After discontinuation of immunosuppressive therapy, ACPN should be monitored closely (every 2 months) as a rise in their rate predicts a risk of relapse.

Such an upturn should lead to a further approximation of the biological balance sheets in order to begin an adapted treatment at an early stage, but the value of introducing treatment before clinical relapse remains very controversial.

These patients relapse more often in dialysis than after renal transplantation and immunosuppressive maintenance therapy must sometimes be prolonged. Transplantation is not contraindicated in cases of persistent ACPN positivity.

TREATMENT OF GOODPASTURE DISEASE:

The standard treatment combines oral corticosteroids (1 mg / kg / day), oral cyclophosphamide (2 to 3 mg / kg / day) and daily plasma exchange for 2 weeks or until anti- MBG. At a stage requiring dialysis, recovery of renal function is exceptional.
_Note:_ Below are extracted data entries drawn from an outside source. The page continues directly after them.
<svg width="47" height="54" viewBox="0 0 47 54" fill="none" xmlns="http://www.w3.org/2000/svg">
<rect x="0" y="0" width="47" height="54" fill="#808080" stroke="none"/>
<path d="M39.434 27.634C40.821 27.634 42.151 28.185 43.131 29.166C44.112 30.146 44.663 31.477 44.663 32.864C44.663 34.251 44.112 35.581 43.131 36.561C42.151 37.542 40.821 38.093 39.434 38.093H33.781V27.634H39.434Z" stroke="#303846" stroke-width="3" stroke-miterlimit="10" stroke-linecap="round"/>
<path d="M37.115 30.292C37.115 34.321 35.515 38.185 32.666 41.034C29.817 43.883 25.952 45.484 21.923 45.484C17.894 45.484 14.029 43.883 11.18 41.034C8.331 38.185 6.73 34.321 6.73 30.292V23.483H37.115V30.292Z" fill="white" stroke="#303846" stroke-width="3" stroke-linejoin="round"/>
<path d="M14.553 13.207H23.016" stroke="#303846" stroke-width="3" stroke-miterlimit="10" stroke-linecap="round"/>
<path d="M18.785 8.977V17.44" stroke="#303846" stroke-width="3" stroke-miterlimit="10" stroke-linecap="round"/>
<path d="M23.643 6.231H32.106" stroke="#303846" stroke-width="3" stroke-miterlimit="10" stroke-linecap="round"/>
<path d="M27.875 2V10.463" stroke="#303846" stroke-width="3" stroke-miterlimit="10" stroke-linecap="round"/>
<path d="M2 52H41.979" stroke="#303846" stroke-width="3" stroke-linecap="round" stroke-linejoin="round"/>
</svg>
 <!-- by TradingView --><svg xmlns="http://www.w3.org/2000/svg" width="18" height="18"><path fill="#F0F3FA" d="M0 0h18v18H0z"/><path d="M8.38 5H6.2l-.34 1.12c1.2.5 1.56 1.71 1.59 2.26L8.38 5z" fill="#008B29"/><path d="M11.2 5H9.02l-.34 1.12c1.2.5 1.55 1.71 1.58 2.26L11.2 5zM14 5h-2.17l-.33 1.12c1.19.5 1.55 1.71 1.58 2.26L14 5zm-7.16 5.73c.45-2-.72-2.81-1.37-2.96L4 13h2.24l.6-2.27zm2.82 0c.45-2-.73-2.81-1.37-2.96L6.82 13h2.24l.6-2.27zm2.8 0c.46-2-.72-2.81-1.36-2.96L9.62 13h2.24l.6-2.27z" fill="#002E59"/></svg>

Protein A immunoabsorption, despite increased IgG subtraction, is not superior to plasma exchange. The cyclophosphamide is prolonged for 2 to 3 months and the corticosteroids are stopped in 6 to 9 months, with a minimal risk of relapse. Transplantation may be considered if autoantibodies have disappeared.

OTHER SELF-IMMUNE EXTRACAPILLARY GLOMERULONEPHRITS:

The treatment of GNECs related to bacterial infectious diseases is based on antibiotic therapy, although corticosteroids and even immunosuppressants are sometimes proposed.

In lupus proliferative glomerulopathies of classes III and IV, the association of cyclophosphamide or mycophenolate mofetil with corticosteroids seems to improve the renal prognosis. Plasma exchange, on the other hand, seems unnecessary.

In rapidly progressive forms of IgA-containing glomerulonephritis with or without rheumatoid purpura, corticoid and immunosuppressive therapy appears to improve progression, although the renal prognosis remains poorer than in ACPN-treated forms, even when the treatment involves plasma exchange.

Conclusion:

A rapid etiologic diagnosis is necessary to avoid the installation of irreversible kidney damage and to allow a suitable treatment.

In this emergency context, certain errors can have dramatic consequences (septic state interpreted as an outbreak of autoimmune disease and treated with immunosuppressants …). The rapidity of the therapeutic intervention and the etiology determine the renal prognosis but also extrarenal and sometimes vital.